### Your goal
If a record holds a picture, leave the picture out and restate everything else word for word.

### Provided data
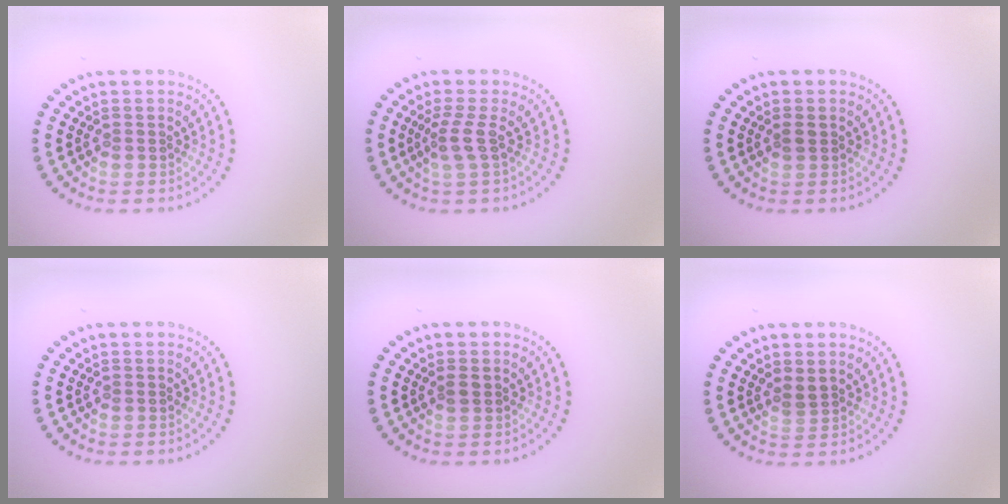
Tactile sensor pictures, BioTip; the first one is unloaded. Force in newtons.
{"total": 1.8, "press": 1.3, "slide": 1.3}
{"total": 0.9, "press": 0.9, "slide": 0.4}
{"total": 0.0}
{"total": 0.9, "press": 0.9, "slide": 0.4}
{"total": 1.2, "press": 1.0, "slide": 0.7}
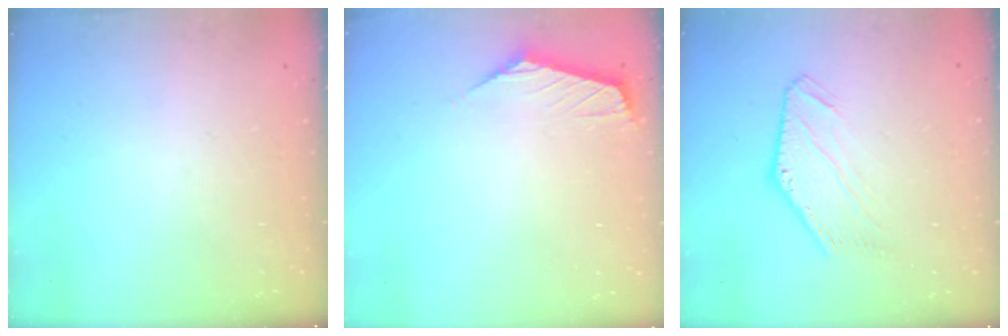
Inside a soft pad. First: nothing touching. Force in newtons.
{"total": 0.9, "press": 0.9, "slide": 0.2}
{"total": 3.2, "press": 3.2, "slide": 0.4}
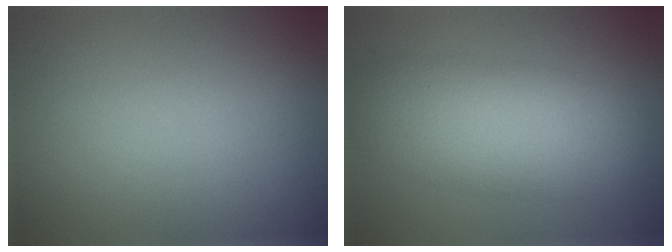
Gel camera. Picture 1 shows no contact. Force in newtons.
{"total": 7.2, "press": 7.2, "slide": 0.2}
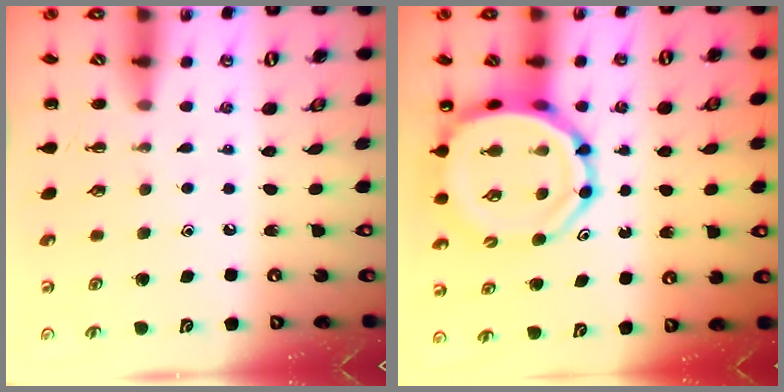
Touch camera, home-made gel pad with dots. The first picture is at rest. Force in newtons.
{"total": 12.2, "press": 11.6, "slide": 3.7}

### Task output
Tactile sensor pictures, BioTip; the first one is unloaded. Force in newtons.
{"total": 1.8, "press": 1.3, "slide": 1.3}
{"total": 0.9, "press": 0.9, "slide": 0.4}
{"total": 0.0}
{"total": 0.9, "press": 0.9, "slide": 0.4}
{"total": 1.2, "press": 1.0, "slide": 0.7}
Inside a soft pad. First: nothing touching. Force in newtons.
{"total": 0.9, "press": 0.9, "slide": 0.2}
{"total": 3.2, "press": 3.2, "slide": 0.4}
Gel camera. Picture 1 shows no contact. Force in newtons.
{"total": 7.2, "press": 7.2, "slide": 0.2}
Touch camera, home-made gel pad with dots. The first picture is at rest. Force in newtons.
{"total": 12.2, "press": 11.6, "slide": 3.7}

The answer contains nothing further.